16-785 Integrated Intelligence in Robotics: Vision-and-Language Planning / Spring 2024
Time: Mondays, Wednesdays 11:00AM - 12:20PM
Location: Newell-Simon Hall (NSH) 3002
Office Hours: By Appointment
Canvas: Link
Course Description
This is a project-oriented seminar course that covers interdisciplinary topics on cognitive intelligence in robotic systems. Cognitive abilities constitute high-level, humanlike intelligence that exhibits reasoning or problem-solving skills. Such abilities as semantic perception, use of language, and task planning can be built on top of low-level robot autonomy. The topics covered generally bridge across multiple technical areas, for example, vision-language intersection and language-action/plan grounding.
The project theme in Spring 2024 is filmmaking that presents various robotics and machine learning challenges ranging from content generation such as scenario generation or scene/video synthesis/editing to robotics automation such as autonomous camera control or autonomous stop-motion control. The class will study both recent and seminal works in the field of intelligent robotics. The learning objectives of class projects will also put a special emphasis on research skills, e.g., problem formulation, literature review, ideation, evaluation planning, results analysis, and hypothesis verification. The course is discussion intensive, and thus attendance is required.
Spring 2024 Project: Filmmaking using AI & Robotics
Guillermo del Toro’s Pinocchio (2022), an Oscar nominated stop motion animation movie, took 15 years to make with a budget estimated over 35 million dollars. Another celebrated motion picture, Loving Vincent (2017), was fully hand painted by 152 artists and its production took 7 years, costing 5.5 million dollars. In this class, we will develop and experiment ideas to make such films using AI and robotics technologies. Course topics include language models, vision-language models, planning, and learning in the context of robotics.
Examples of class projects include painted movies (robot painting), stop motion movies (manipulation), animation (text to image/video generation), directing (direction following), and robotic cinematography. The final projects will be premiered at the end of the semester.
Pre-requisites
There are no explicit prerequisites for this class, but a general background knowledge in AI and machine learning is assumed.
Course Goals
In this course, we will strive to answer the following research questions and beyond towards the goal of developing cognitive capabilities on robots.
- How can we make robots to perform tasks following natural language instructions?
- How can we develop robots that can describe in natural language what they perceive through vision or explain what they are doing and why?
- How can we fuse information coming in multiple modalities, e.g., language and images, to understand context-aware, semantic meanings of sensory data?
- How do we measure the quality of information translated between different modalities, e.g., how do we measure the quality of language description given an image?
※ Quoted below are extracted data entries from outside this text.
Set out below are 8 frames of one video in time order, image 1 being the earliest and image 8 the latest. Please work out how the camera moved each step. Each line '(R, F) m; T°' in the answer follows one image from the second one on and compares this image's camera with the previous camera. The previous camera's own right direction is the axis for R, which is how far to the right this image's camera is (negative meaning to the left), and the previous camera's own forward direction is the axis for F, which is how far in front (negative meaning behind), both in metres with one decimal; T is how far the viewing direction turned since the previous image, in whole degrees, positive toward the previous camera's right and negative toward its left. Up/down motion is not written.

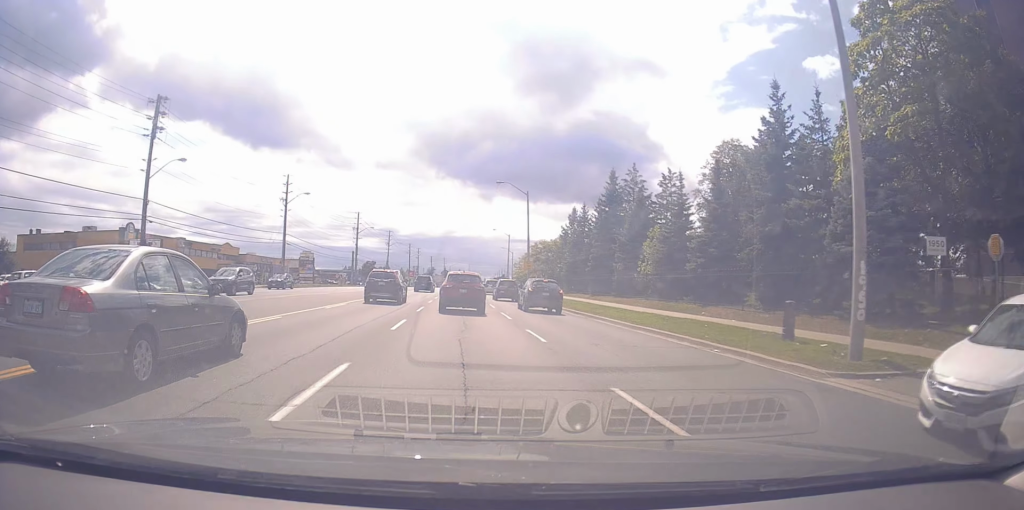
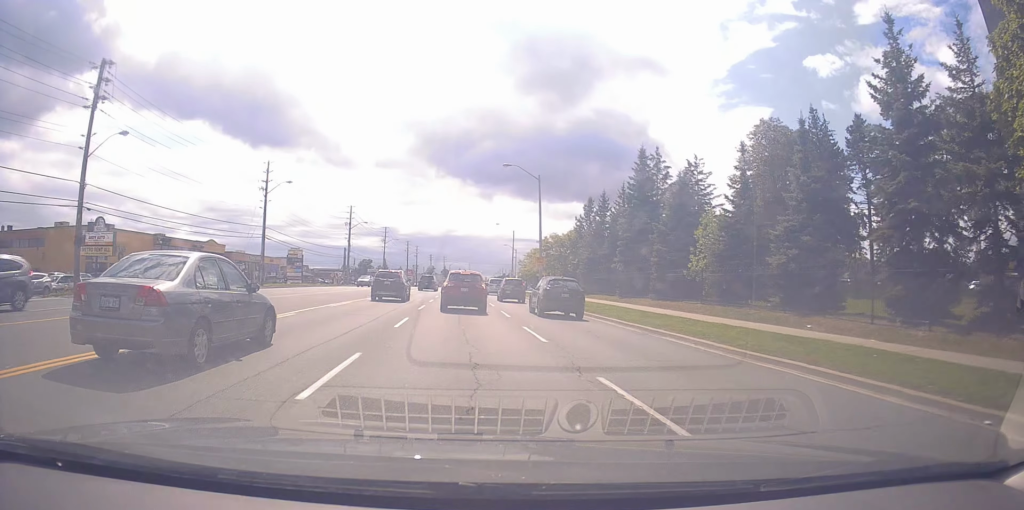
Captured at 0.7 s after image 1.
(+0.2, +8.4) m; +1°
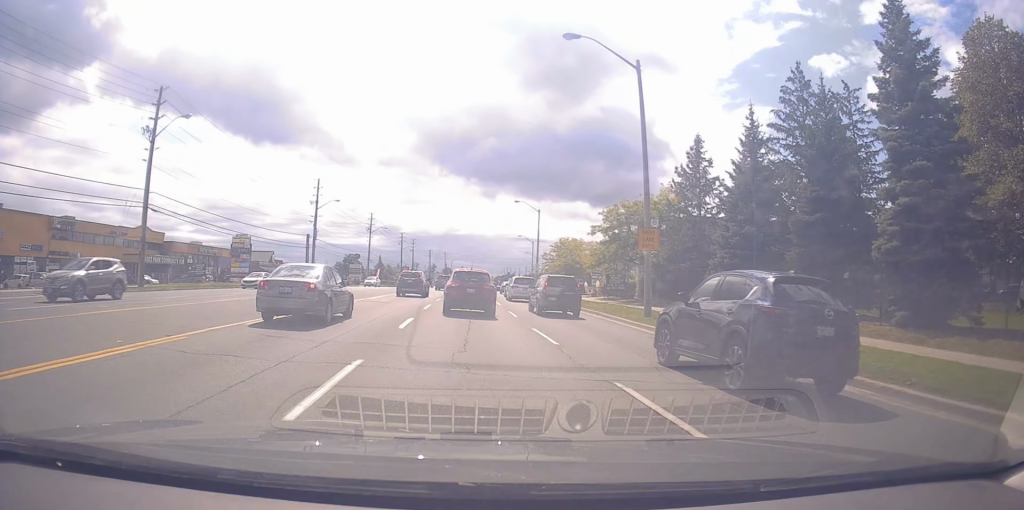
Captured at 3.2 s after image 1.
(-1.1, +27.3) m; -4°
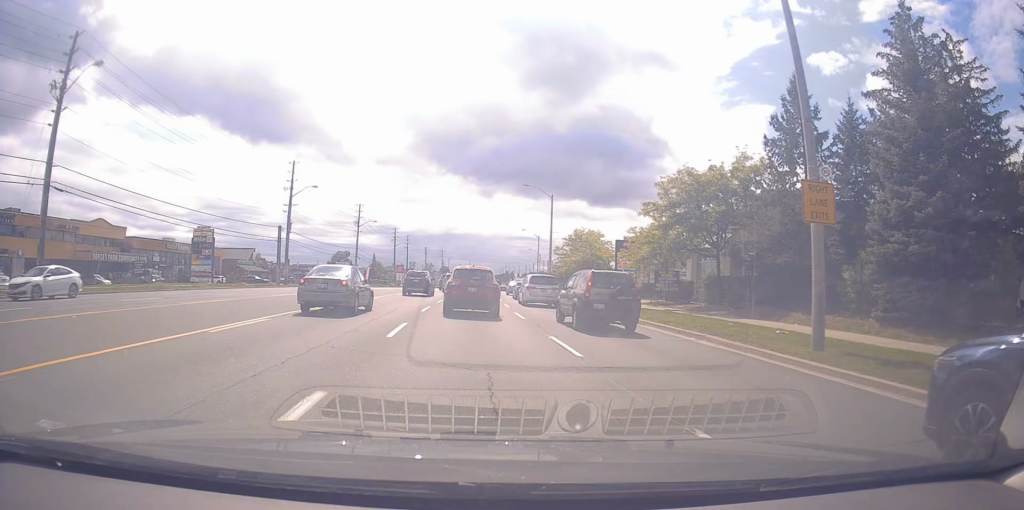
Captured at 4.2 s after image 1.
(+0.1, +11.3) m; 0°
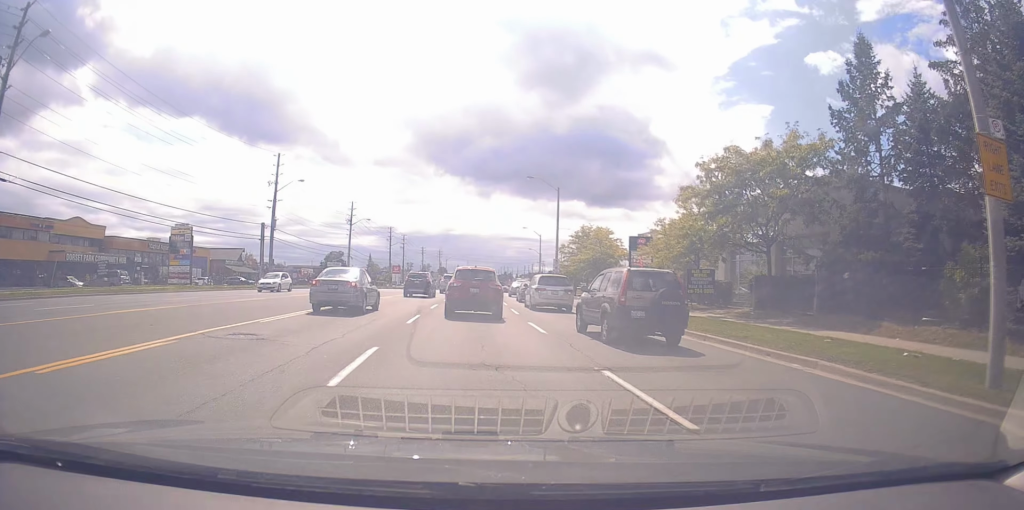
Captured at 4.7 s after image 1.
(0.0, +5.1) m; 0°
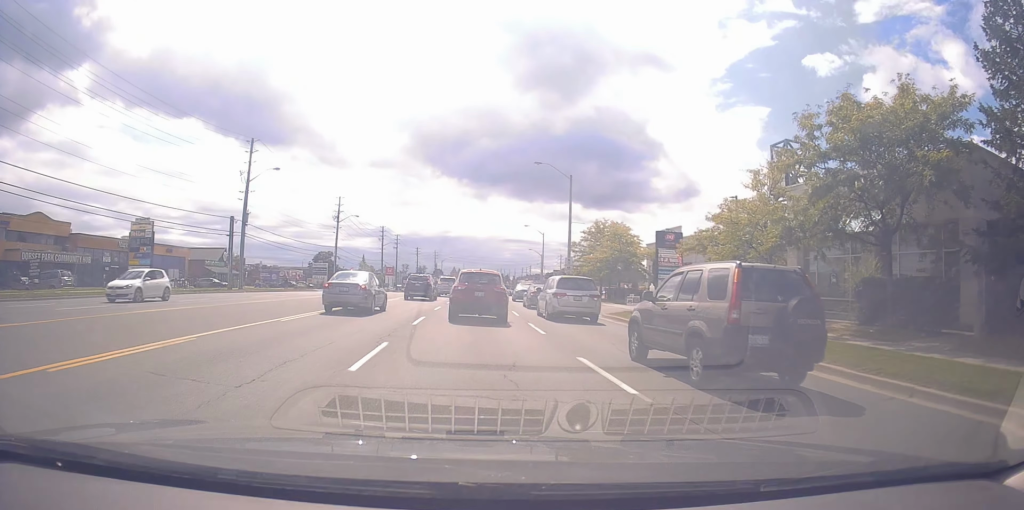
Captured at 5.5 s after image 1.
(0.0, +7.9) m; +1°
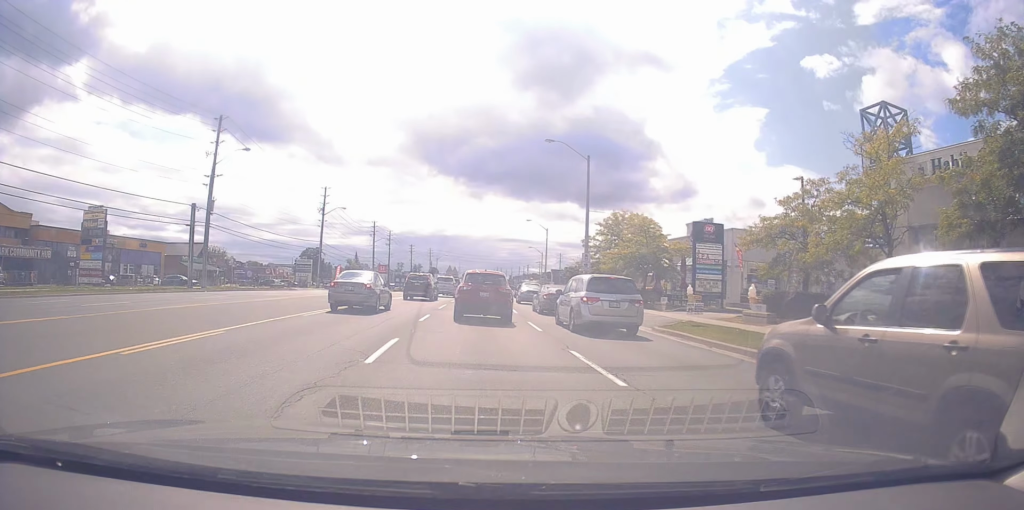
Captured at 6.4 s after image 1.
(+0.1, +7.9) m; +4°
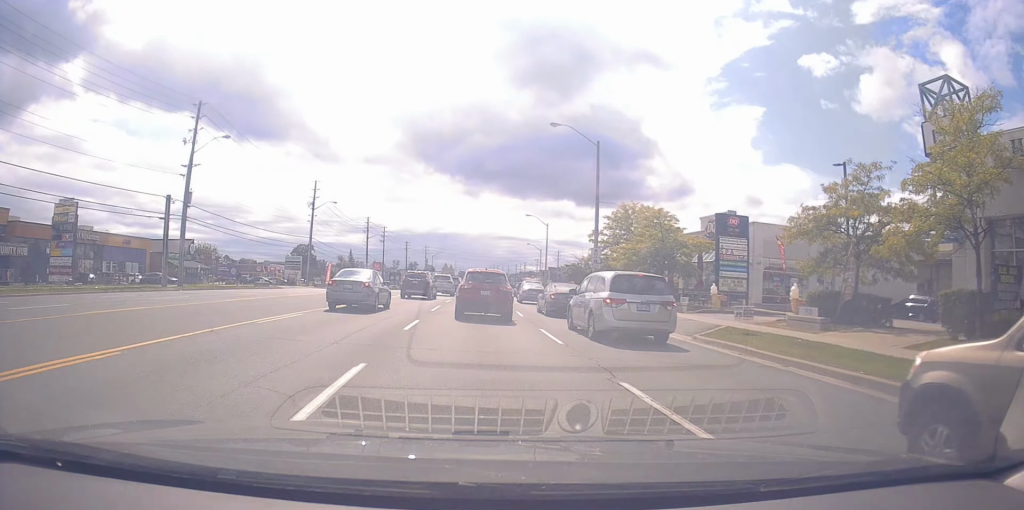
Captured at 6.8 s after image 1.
(+0.2, +4.0) m; +1°

What are the limitations and shortcomings of existing metrics?
- How can we make use of semantic information digested from raw sensory inputs in the process of planning to solve a problem/task?
- How do we measure the performance of computer vision algorithms outside benchmark datasets, e.g., on robots?
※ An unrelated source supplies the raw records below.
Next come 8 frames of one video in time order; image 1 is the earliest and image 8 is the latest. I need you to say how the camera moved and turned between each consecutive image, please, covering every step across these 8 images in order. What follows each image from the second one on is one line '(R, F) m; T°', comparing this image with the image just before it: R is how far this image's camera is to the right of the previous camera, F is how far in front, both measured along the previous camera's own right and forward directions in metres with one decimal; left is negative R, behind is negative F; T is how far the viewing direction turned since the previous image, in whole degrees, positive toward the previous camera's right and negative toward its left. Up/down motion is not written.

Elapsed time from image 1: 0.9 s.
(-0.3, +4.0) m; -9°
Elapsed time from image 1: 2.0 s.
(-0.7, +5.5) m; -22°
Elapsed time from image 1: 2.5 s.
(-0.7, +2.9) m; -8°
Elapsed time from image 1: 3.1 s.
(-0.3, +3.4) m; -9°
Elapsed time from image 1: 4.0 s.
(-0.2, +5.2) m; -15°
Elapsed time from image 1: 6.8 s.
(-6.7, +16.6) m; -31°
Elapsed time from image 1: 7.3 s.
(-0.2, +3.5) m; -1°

- How should learned knowledge be stored? Do we need a universal representation for knowledge?
- How can we make robots learn to improve over time, e.g., by learning new skills?
Using these research questions, we will learn to follow basic steps of conducting research through class projects.
Policies
Academic Integrity
We formally follow the guidelines in the CMU's academic integrity policy
Reasonable Person Principle (RPP)
We informally follow Reasonable Person Principle (RPP), a base culture of CMU's School of Computer Science, where everyone gives/gets the benefit of doubt for trying to be reasonable. The four rules of RPP are the following:
- Everyone will be reasonable.
- Everyone expects everyone else to be reasonable.
- No one is special.
- Do not be offended if someone suggests you're not being reasonable.
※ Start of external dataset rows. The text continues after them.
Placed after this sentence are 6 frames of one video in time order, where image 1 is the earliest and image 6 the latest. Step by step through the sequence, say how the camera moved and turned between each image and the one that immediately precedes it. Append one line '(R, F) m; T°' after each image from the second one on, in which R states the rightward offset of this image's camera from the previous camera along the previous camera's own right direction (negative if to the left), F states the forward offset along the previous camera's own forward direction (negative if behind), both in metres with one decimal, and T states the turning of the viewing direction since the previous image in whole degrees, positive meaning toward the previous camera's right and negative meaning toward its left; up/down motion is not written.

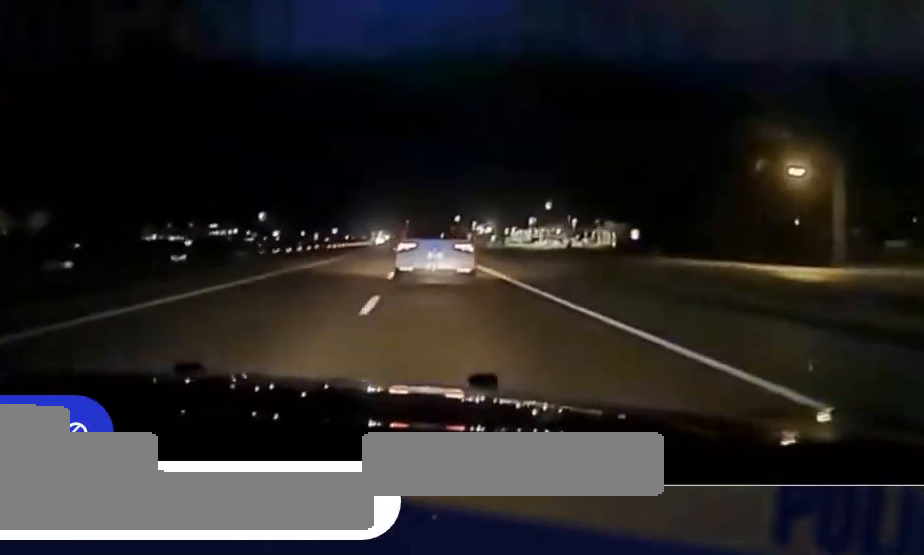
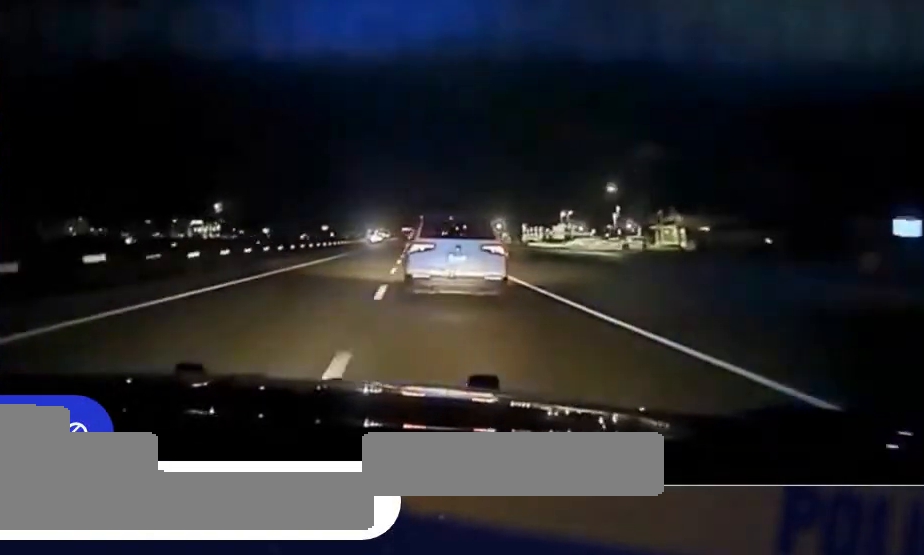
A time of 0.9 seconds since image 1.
(-0.2, +50.4) m; 0°
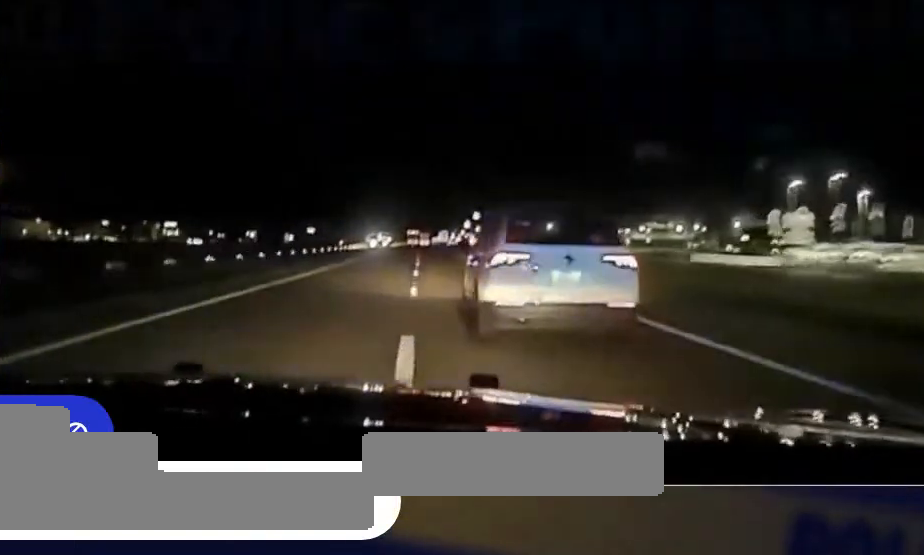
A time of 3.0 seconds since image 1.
(-0.3, +103.6) m; 0°
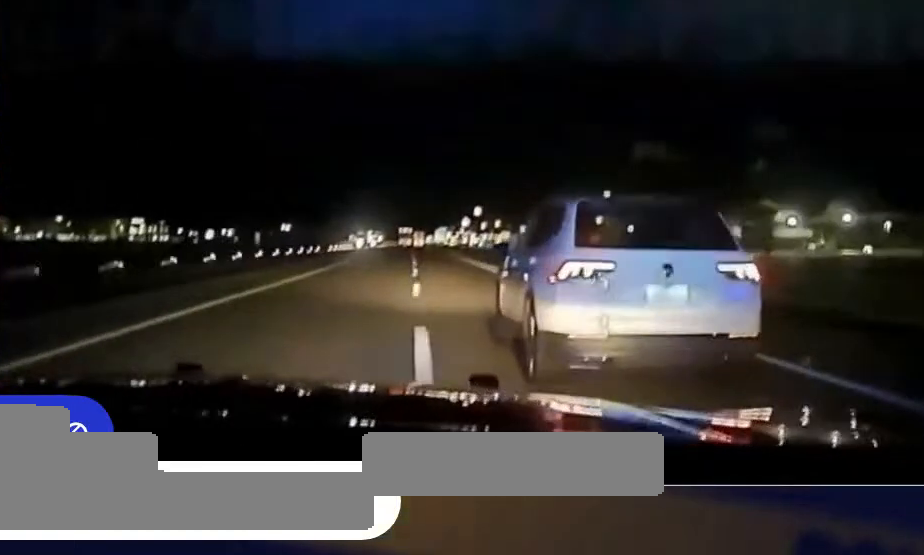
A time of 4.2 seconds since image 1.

Extensions and Late Assignments
Each student will have up to 5 days of grace that can be used for any homework in whatever way without a penalty (Note that there will NOT be any extension for final project presentation and report). For example, you can use all of the 5 days for the first homework assignment, or split into 2 and 3 days to use for the first and the second assignments, respectively. After the 5 grace days have been used up, there will be no additional extensions; 50% will be deducted 1 day after a due date, and no points will be given after 2 days.